En dehors de ces crises, il se tenait taciturne, méditant « un coup infaillible pour faire péter toute la boutique ».

Tandis qu’il était perdu dans ses réflexions, Arnoux, d’une voix monotone et avec un regard un peu ivre, contait d’incroyables anecdotes où il avait toujours brillé, grâce à son aplomb ; et Frédéric (cela tenait sans doute à des ressemblances profondes) éprouvait un certain entraînement pour sa personne.
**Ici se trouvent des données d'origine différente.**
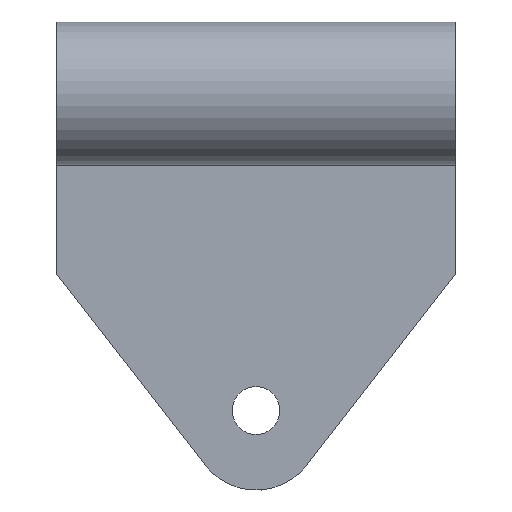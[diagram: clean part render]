
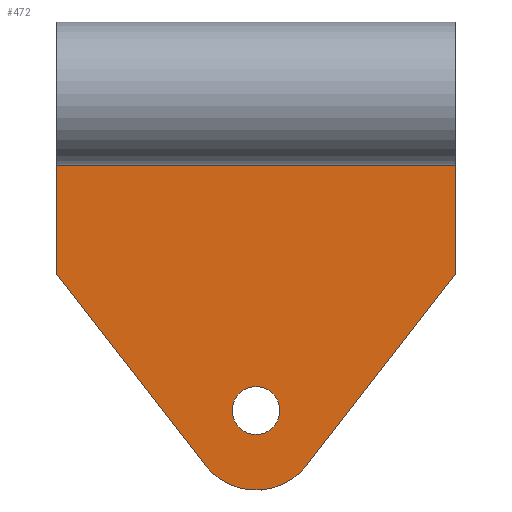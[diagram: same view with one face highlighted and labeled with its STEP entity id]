
A CAD part, front view. The second image highlights one B-rep face of the part: STEP entity #472.
In plain terms, the highlighted planar face has unit normal (0, -1, 0).
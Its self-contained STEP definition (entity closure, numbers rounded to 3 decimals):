
#15=FACE_BOUND('',#66,.T.);
#21=PLANE('',#532);
#39=FACE_OUTER_BOUND('',#65,.T.);
#65=EDGE_LOOP('',(#345,#346,#347,#348,#349,#350,#351,#352,#353,#354,#355,
#356));
#66=EDGE_LOOP('',(#357));
#95=LINE('',#766,#134);
#96=LINE('',#770,#135);
#97=LINE('',#772,#136);
#98=LINE('',#774,#137);
#99=LINE('',#780,#138);
#100=LINE('',#786,#139);
#101=LINE('',#787,#140);
#134=VECTOR('',#621,10.);
#135=VECTOR('',#624,10.);
#136=VECTOR('',#625,10.);
#137=VECTOR('',#626,10.);
#138=VECTOR('',#631,10.);
#139=VECTOR('',#636,10.);
#140=VECTOR('',#637,10.);
#179=CIRCLE('',#531,1.5);
#180=CIRCLE('',#533,4.);
#181=CIRCLE('',#534,2.);
#182=CIRCLE('',#535,2.);
#183=CIRCLE('',#536,2.);
#184=CIRCLE('',#537,2.);
#209=VERTEX_POINT('',#760);
#210=VERTEX_POINT('',#764);
#211=VERTEX_POINT('',#765);
#212=VERTEX_POINT('',#767);
#213=VERTEX_POINT('',#769);
#214=VERTEX_POINT('',#771);
#215=VERTEX_POINT('',#773);
#216=VERTEX_POINT('',#775);
#217=VERTEX_POINT('',#777);
#218=VERTEX_POINT('',#779);
#219=VERTEX_POINT('',#781);
#220=VERTEX_POINT('',#783);
#221=VERTEX_POINT('',#785);
#262=EDGE_CURVE('',#209,#209,#179,.T.);
#263=EDGE_CURVE('',#210,#211,#95,.T.);
#264=EDGE_CURVE('',#210,#212,#180,.T.);
#265=EDGE_CURVE('',#213,#212,#96,.T.);
#266=EDGE_CURVE('',#214,#213,#97,.T.);
#267=EDGE_CURVE('',#215,#214,#98,.T.);
#268=EDGE_CURVE('',#216,#215,#181,.F.);
#269=EDGE_CURVE('',#216,#217,#182,.T.);
#270=EDGE_CURVE('',#217,#218,#99,.T.);
#271=EDGE_CURVE('',#218,#219,#183,.T.);
#272=EDGE_CURVE('',#220,#219,#184,.F.);
#273=EDGE_CURVE('',#221,#220,#100,.T.);
#274=EDGE_CURVE('',#211,#221,#101,.T.);
#345=ORIENTED_EDGE('',*,*,#263,.F.);
#346=ORIENTED_EDGE('',*,*,#264,.T.);
#347=ORIENTED_EDGE('',*,*,#265,.F.);
#348=ORIENTED_EDGE('',*,*,#266,.F.);
#349=ORIENTED_EDGE('',*,*,#267,.F.);
#350=ORIENTED_EDGE('',*,*,#268,.F.);
#351=ORIENTED_EDGE('',*,*,#269,.T.);
#352=ORIENTED_EDGE('',*,*,#270,.T.);
#353=ORIENTED_EDGE('',*,*,#271,.T.);
#354=ORIENTED_EDGE('',*,*,#272,.F.);
#355=ORIENTED_EDGE('',*,*,#273,.F.);
#356=ORIENTED_EDGE('',*,*,#274,.F.);
#357=ORIENTED_EDGE('',*,*,#262,.T.);
#472=ADVANCED_FACE('',(#39,#15),#21,.T.);
#531=AXIS2_PLACEMENT_3D('',#762,#617,#618);
#532=AXIS2_PLACEMENT_3D('',#763,#619,#620);
#533=AXIS2_PLACEMENT_3D('',#768,#622,#623);
#534=AXIS2_PLACEMENT_3D('',#776,#627,#628);
#535=AXIS2_PLACEMENT_3D('',#778,#629,#630);
#536=AXIS2_PLACEMENT_3D('',#782,#632,#633);
#537=AXIS2_PLACEMENT_3D('',#784,#634,#635);
#617=DIRECTION('center_axis',(0.,1.,0.));
#618=DIRECTION('ref_axis',(-1.,0.,0.));
#619=DIRECTION('center_axis',(0.,-1.,0.));
#620=DIRECTION('ref_axis',(1.,0.,0.));
#621=DIRECTION('',(-0.614,0.,0.789));
#622=DIRECTION('center_axis',(0.,-1.,0.));
#623=DIRECTION('ref_axis',(-0.789,0.,-0.614));
#624=DIRECTION('',(-0.614,0.,-0.789));
#625=DIRECTION('',(0.,0.,-1.));
#626=DIRECTION('',(1.,0.,0.));
#627=DIRECTION('center_axis',(0.,1.,0.));
#628=DIRECTION('ref_axis',(-0.707,0.,-0.707));
#629=DIRECTION('center_axis',(0.,-1.,0.));
#630=DIRECTION('ref_axis',(0.,0.,-1.));
#631=DIRECTION('',(-1.,0.,0.));
#632=DIRECTION('center_axis',(0.,-1.,0.));
#633=DIRECTION('ref_axis',(0.,0.,-1.));
#634=DIRECTION('center_axis',(0.,1.,0.));
#635=DIRECTION('ref_axis',(0.707,0.,-0.707));
#636=DIRECTION('',(1.,0.,0.));
#637=DIRECTION('',(0.,0.,1.));
#760=CARTESIAN_POINT('',(1.5,3.,21.657));
#762=CARTESIAN_POINT('Origin',(0.,3.,21.657));
#763=CARTESIAN_POINT('Origin',(-12.5,3.,30.15));
#764=CARTESIAN_POINT('',(-3.157,3.,18.202));
#765=CARTESIAN_POINT('',(-12.5,3.,30.214));
#766=CARTESIAN_POINT('',(-3.157,3.,18.202));
#767=CARTESIAN_POINT('',(3.157,3.,18.202));
#768=CARTESIAN_POINT('Origin',(0.,3.,20.657));
#769=CARTESIAN_POINT('',(12.5,3.,30.214));
#770=CARTESIAN_POINT('',(11.037,3.,28.332));
#771=CARTESIAN_POINT('',(12.5,3.,37.05));
#772=CARTESIAN_POINT('',(12.5,3.,44.05));
#773=CARTESIAN_POINT('',(9.,3.,37.05));
#774=CARTESIAN_POINT('',(0.,3.,37.05));
#775=CARTESIAN_POINT('',(7.064,3.,38.55));
#776=CARTESIAN_POINT('Origin',(9.,3.,39.05));
#777=CARTESIAN_POINT('',(5.127,3.,40.05));
#778=CARTESIAN_POINT('Origin',(5.127,3.,38.05));
#779=CARTESIAN_POINT('',(-5.127,3.,40.05));
#780=CARTESIAN_POINT('',(-12.5,3.,40.05));
#781=CARTESIAN_POINT('',(-7.064,3.,38.55));
#782=CARTESIAN_POINT('Origin',(-5.127,3.,38.05));
#783=CARTESIAN_POINT('',(-9.,3.,37.05));
#784=CARTESIAN_POINT('Origin',(-9.,3.,39.05));
#785=CARTESIAN_POINT('',(-12.5,3.,37.05));
#786=CARTESIAN_POINT('',(0.,3.,37.05));
#787=CARTESIAN_POINT('',(-12.5,3.,30.15));

Il se reprochait cette faiblesse, trouvant qu’il aurait dû le haïr, au contraire.

Arnoux se lamentait devant lui sur l’humeur de sa femme, son entêtement, ses préventions injustes. Elle n’était pas comme cela autrefois.

— À votre place, disait Frédéric, je lui ferais une pension, et je vivrais seul.

Arnoux ne répondait rien ; et, un moment après, entamait son éloge. Elle était bonne, dévouée, intelligente, vertueuse ; et, passant à ses qualités corporelles, il prodiguait les révélations, avec l’étourderie de ces gens qui étalent leurs trésors dans les auberges.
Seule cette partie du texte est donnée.